ロジカルシンキング(論理的思考)とは、物事を深くスピーディに考えた上で、それをわかりやすく伝えるため、体系的に筋道立てて考える力のことです。ビジネスの現場では、矛盾の生じない合理的な結論を求められる場面が数多く存在します。ロジカルシンキングのスキルを身につけることで、納得感のある意思決定を行ったり、素早く課題解決を行ったりすることができます。


クリティカルシンキングとの違い

クリティカルシンキングとロジカルシンキングは、両方とも論理的思考を基盤としていますが、異なる点もあります。
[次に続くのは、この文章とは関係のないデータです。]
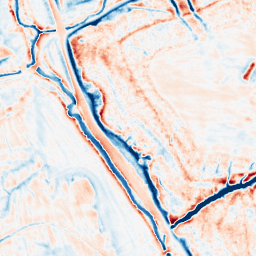
Category: edge_preserving
Decomposition family: anisotropic_diffusion
Decomposition parameters: iterations: 50
kappa: 100
gamma: 0.15
Upsampling method: bilinear
Upsampling parameters: scale: 2
Upsampling scale: 2
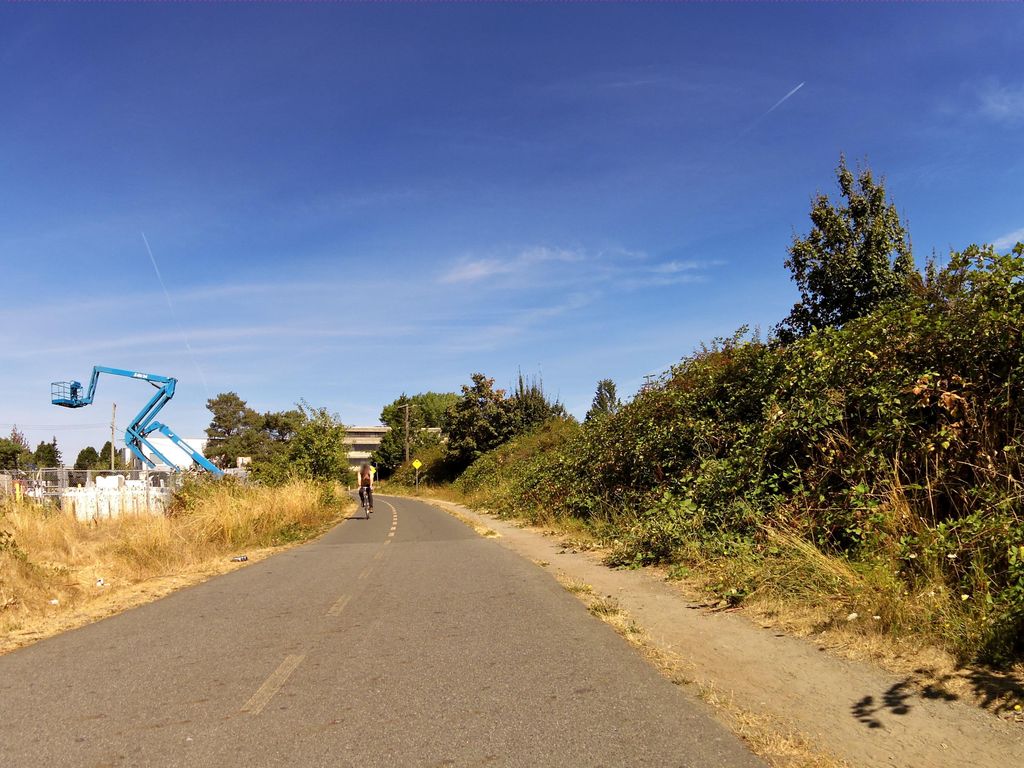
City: victoria
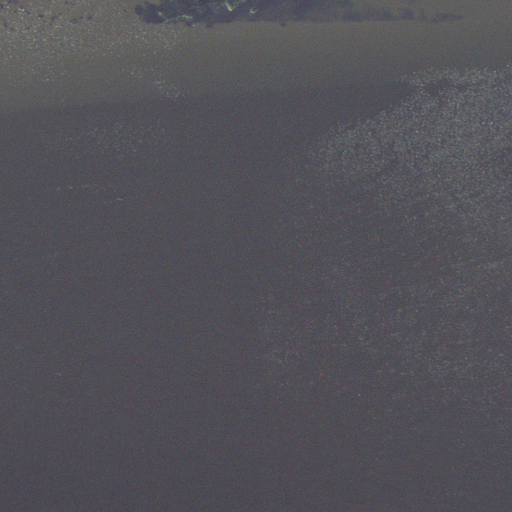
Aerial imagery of island in Wisconsin named Island Number Two Hundred Nine containing only open water
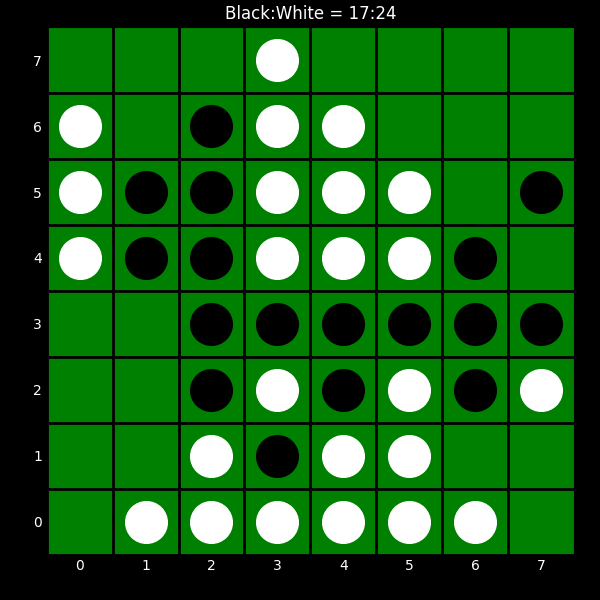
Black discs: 17
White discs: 24
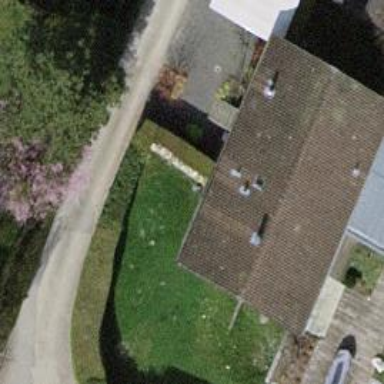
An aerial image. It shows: Simple house.
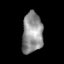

クリティカルシンキングは、疑問を持ち、批判的に分析することに重点をおいています。情報や主張を受け入れる前に、それらを慎重に評価し、必要に応じて質問を投げかけることで、より深い理解を得ることが目的です。

一方、ロジカルシンキングは、証拠や前提条件を評価し、論理的なルールに従って推論を行い、最終的に正しい答えを得ることが目的ですので、前提条件を批判したりはせずに推論を行う部分で違いがあります。


ラテラルシンキングとの違い

ビジネスの現場における思考法の中では、「ラテラルシンキング」という言葉も有名です。ラテラルシンキングは日本語にすると「水平的思考」となり、既存の枠組みや偏った視点にとらわれない思考のことを指します。

ラテラルシンキングにおいては、「これまでの前提にとらわれない」「既存の発想にとらわれない」という点が重視されます。あくまでも既存の価値観に縛られない発想を重視するのがラテラルシンキングであるため、筋道だった考えを重視するロジカルシンキングとはまた違った意味を持っているのです。



ロジカルシンキングの概念が広まった背景

パズルのピース

ロジカルシンキングの能力が重視されるようになってきた背景として、ビジネスが高度化・複雑化してきたということが挙げられます。個人の趣味嗜好が多様化した現在においては、常に新しい商品やサービスを生み出し続けることが必要です。無駄のないロジカルな説明をおこなうことができれば、企画の提案や商品の売り込みといった場面でも説得力を持った立ち回りができます。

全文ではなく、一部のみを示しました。